Мне уже тогда было понятно, что тот исторический цикл, в котором мы живем, должен привести к тому, к чему пришло сегодня, — это не плохо и не хорошо.%
Просто было понятно, что те противоречия, которые в нас заложены, дойдут до точки разрыва, это неизбежно. Впрочем, я вообще живу в ожидании смены эпох. «Бумажного солдата» я ведь снимал о том же, а когда фильм вышел, этого никто не понял, хотя там многое угадалось и про современность — скажем, когда в финале люди пускают белые шарфы, которые улетают в никуда. В «Облаках» получилось странное совпадение с ватником, в который одет герой, сыгранный Луи Франком. Когда мы придумывали образ, этого термина вообще не было! А возник он из желания поймать ощущение времени, ощущение разнообразия мира. Я как-то гулял и дошел до какой-то новой эстакады, по которой ехало много дорогих красивых машин, а под эстакадой брел, прихрамывая мигрант… Реальность состоит из таких контрастов, это и хотелось передать.

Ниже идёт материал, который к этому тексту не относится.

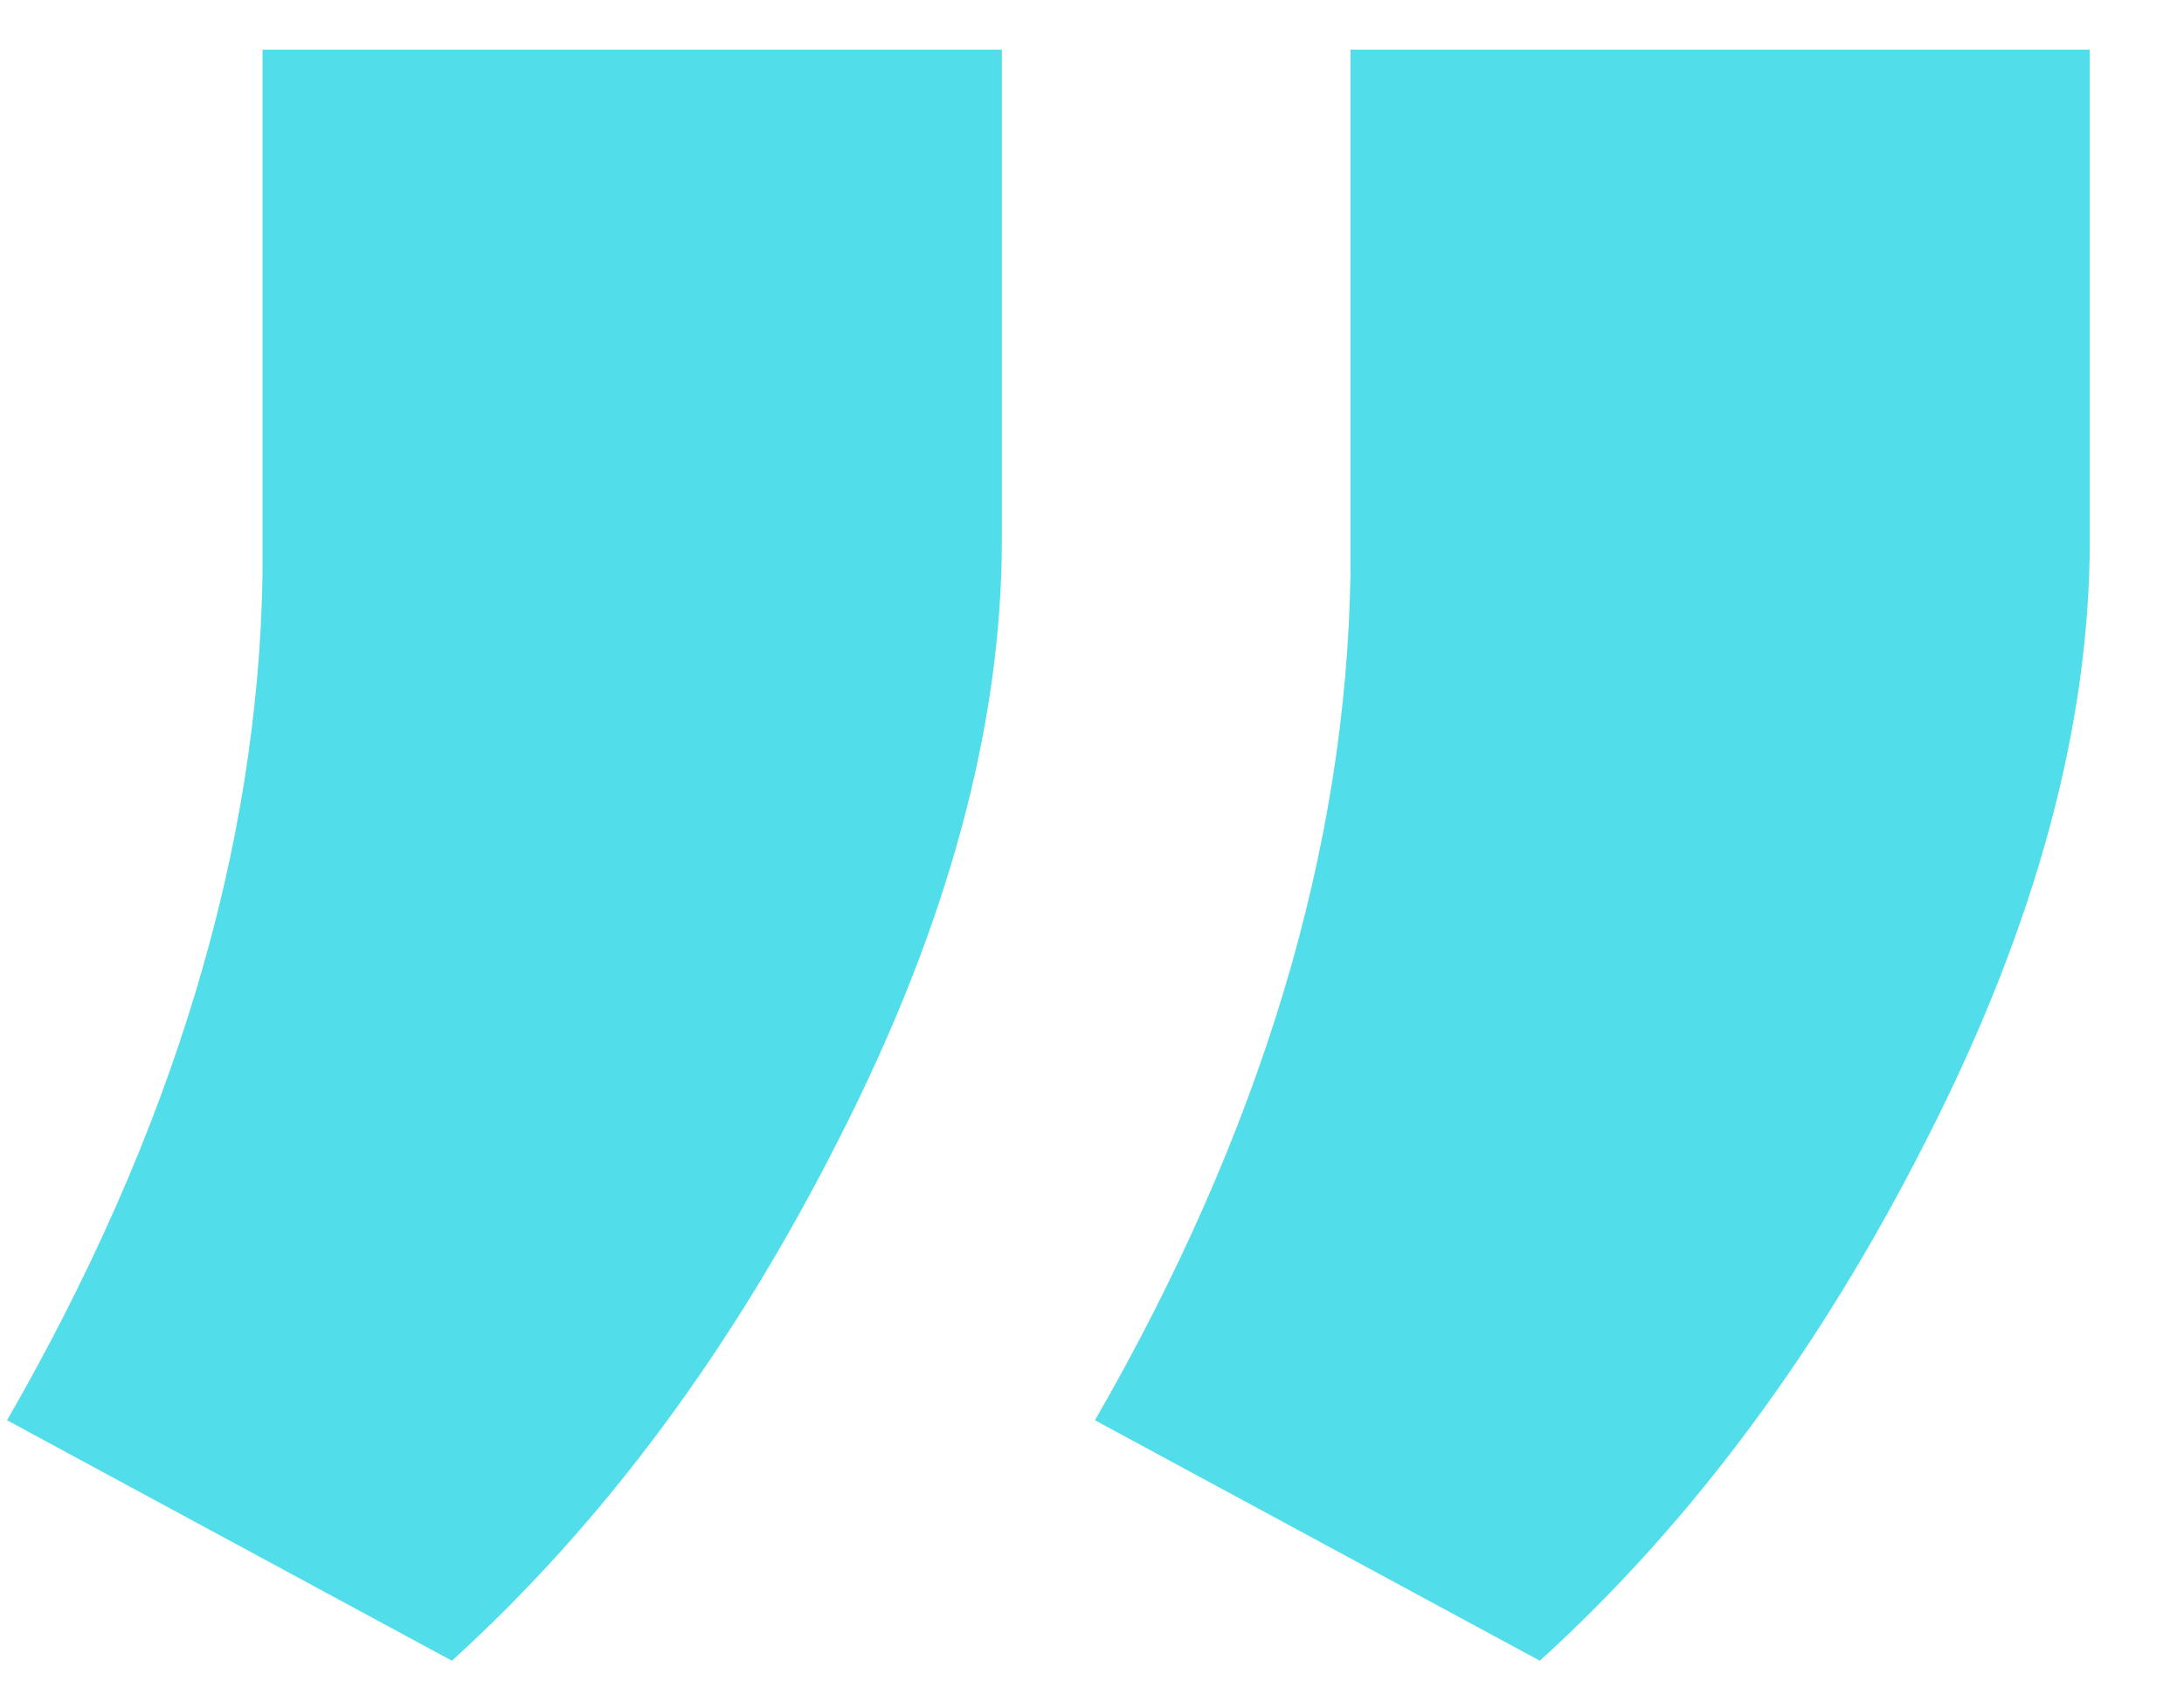 <svg width="22" height="17" viewBox="0 0 22 17" fill="none" xmlns="http://www.w3.org/2000/svg">
<path d="M4.552 16.727L0.071 14.305C1.746 11.398 2.604 8.553 2.645 5.768V0.5H10.092V5.435C10.092 7.312 9.547 9.32 8.457 11.459C7.387 13.578 6.086 15.334 4.552 16.727ZM15.511 16.727L11.03 14.305C12.705 11.398 13.563 8.553 13.604 5.768V0.5H21.051V5.435C21.051 7.312 20.506 9.32 19.416 11.459C18.346 13.578 17.045 15.334 15.511 16.727Z" fill="#51DDE9"/>
</svg>

— Мозаичная композиция фильма тоже продиктована вашим ощущением духа времени? Или просто формальным нежеланием рассказывать историю хронологически?
— Мне это было неинтересно. Наша жизнь состоит из воспоминаний, из разных времен, снов, разных людей. Мне хотелось, чтобы фильм собирался как пазл, состоящий из всех этих компонентов.
— Не боитесь обвинений в невнятности? И того, что зрители просто не смогут сложить этот пазл в голове?
— Ну… Поймите правильно, я не сравниваю, но вот был такой фильм «Андрей Рублев». После показа Тарковскому говорили, что это сложно. Отцу тоже говорили, что «Мой друг Иван Лапшин» сложное кино. Со временем оказалось, что не такое уж и сложное.
Мы своими комплексами сами себя загоняем в ситуацию, в которой чем тупее и однозначнее, тем лучше.
А мне кажется, что кино интересно тогда, когда оно пытается, во-первых, объять мир — это благородная задача, и во-вторых, когда оно говорит о сложности и разности жизни. Снимать патриотический плакат или киногазету мне неинтересно.
Я не хочу жить в мире, где кино разделяется на условно фестивальное (хотя я люблю эти фильмы) и державно-патриотическое.
Именно поэтому я решил развернуться и совершенно сознательно пойти в другую сторону, пойти поперек того, как у нас принято снимать кино. Мне кажется, это круто. Да и какой смысл заниматься кино, если в этом нет вызова?
— А в том, чтобы снять жанровый фильм, вы вызова не видите?
— Да нет, эти амбиции я могу реализовать в рекламных проектах. Понимаете, есть люди, которые изобретают графен, а есть те, кто адаптирует его для услуг мобильной связи. Так вот мне интереснее изобретать. Да и, как мне кажется, всегда в российском искусстве что-то получалось, когда мы старались что-то выдумывать, делать что-то не так, как все. Хотя лично я ни на что не претендую.
— И в заключение не могу не спросить о вашем проекте «Довлатов». В какой он стадии? Утвержден ли актер на главную роль?
— Актер не утвержден, мы будем много кого смотреть — возможно, даже американских, вплоть до героев «Игры престолов». Мы уже начали что-то делать, собираем бюджет — многие сомневаются, что такое кино нужно. Мы даже заказали Левада-центру опрос, хотят ли люди увидеть фильм о Довлатове, — желающих оказалось 28,6%, что составляет сорок миллионов человек. Естественно, в кино пойдет небольшая часть, но тем не менее это, мягко говоря, немало. Тем не менее я понимаю, что это будет тяжелая борьба с общей инерцией. Хотя мне кажется очень интересным рассказать об эпохе и этом крайне интересном человеке. Так что будем бороться.